TRY IT = Would you transcribe the records below exactly, omitting every picture?
[Start of Attachment]
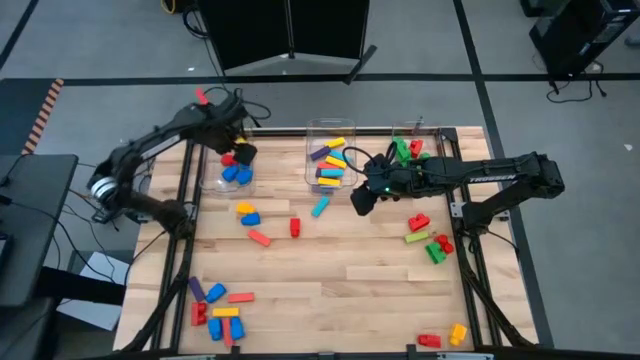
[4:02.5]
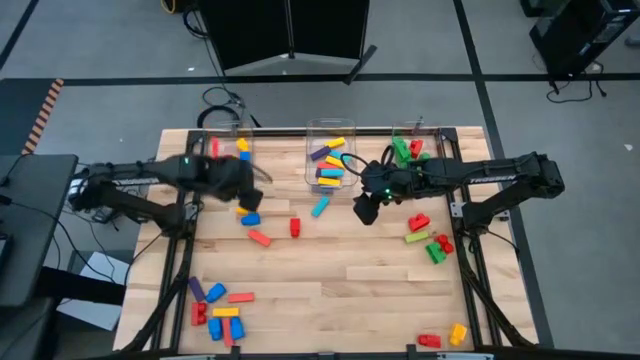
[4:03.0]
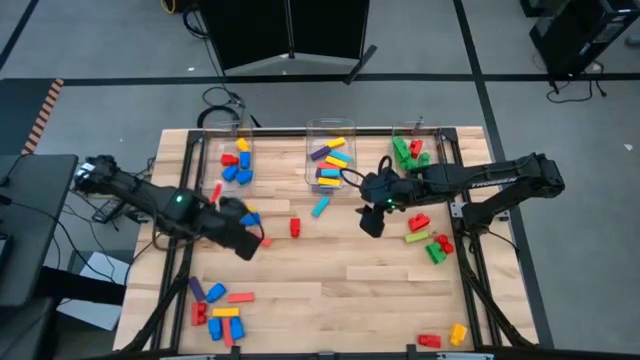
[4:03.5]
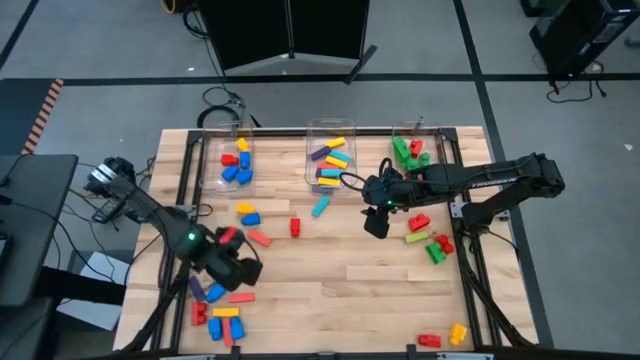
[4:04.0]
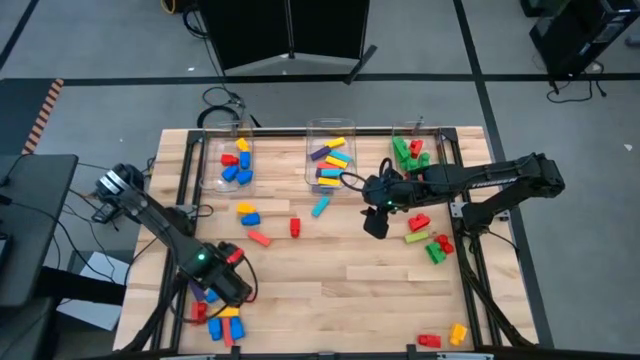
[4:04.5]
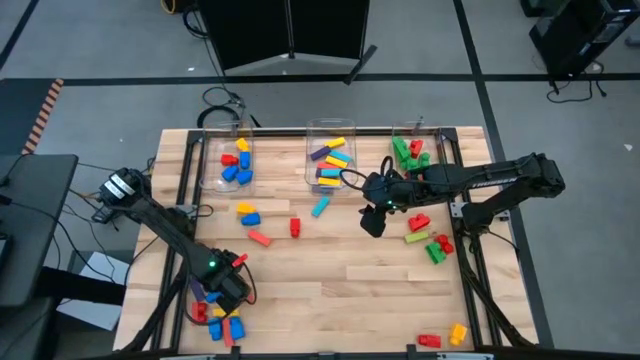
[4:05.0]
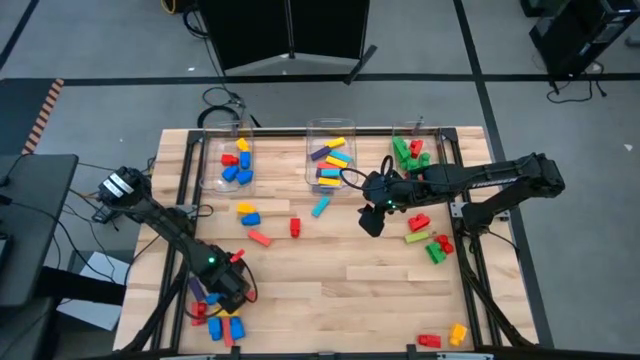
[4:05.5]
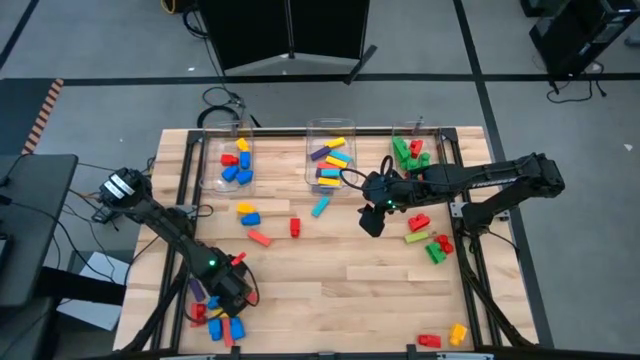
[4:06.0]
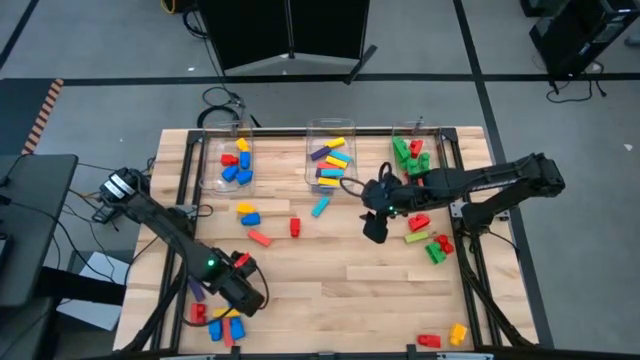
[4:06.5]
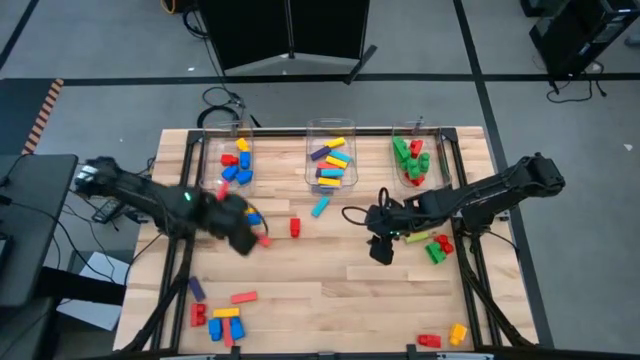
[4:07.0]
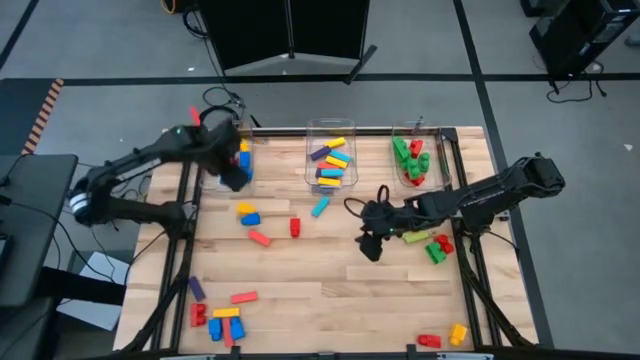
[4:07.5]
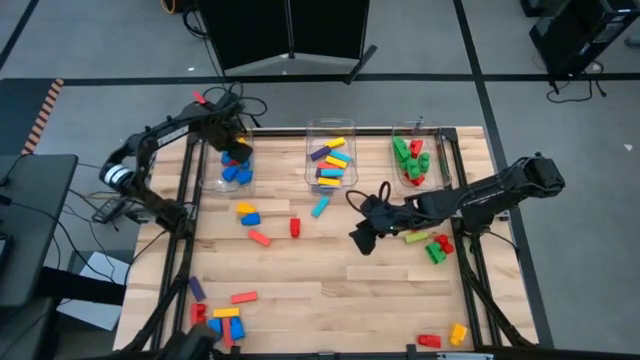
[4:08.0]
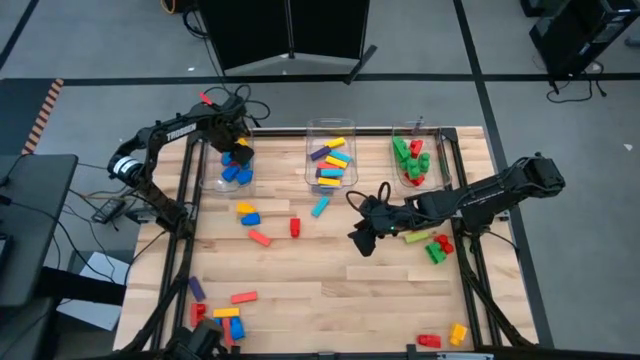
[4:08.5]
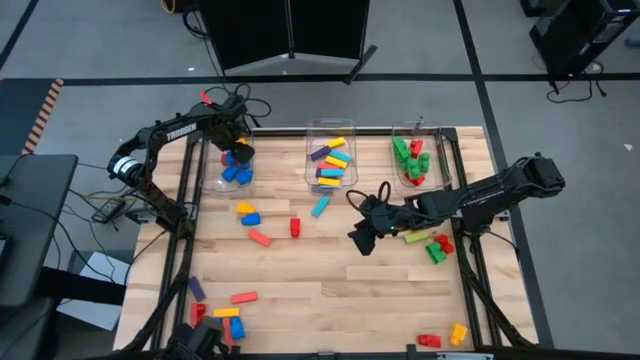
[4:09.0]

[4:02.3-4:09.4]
Task: Sort blocks by size
Put the blue 1 stud game piece into the left transparent bin
[End of Attachment]
ANSWER AREA =
[4:02.5]
[4:03.0]
[4:03.5]
[4:04.0]
[4:04.5]
[4:05.0]
[4:05.5]
[4:06.0]
[4:06.5]
[4:07.0]
[4:07.5]
[4:08.0]
[4:08.5]
[4:09.0]

[4:02.3-4:09.4]
Task: Sort blocks by size
Put the blue 1 stud game piece into the left transparent bin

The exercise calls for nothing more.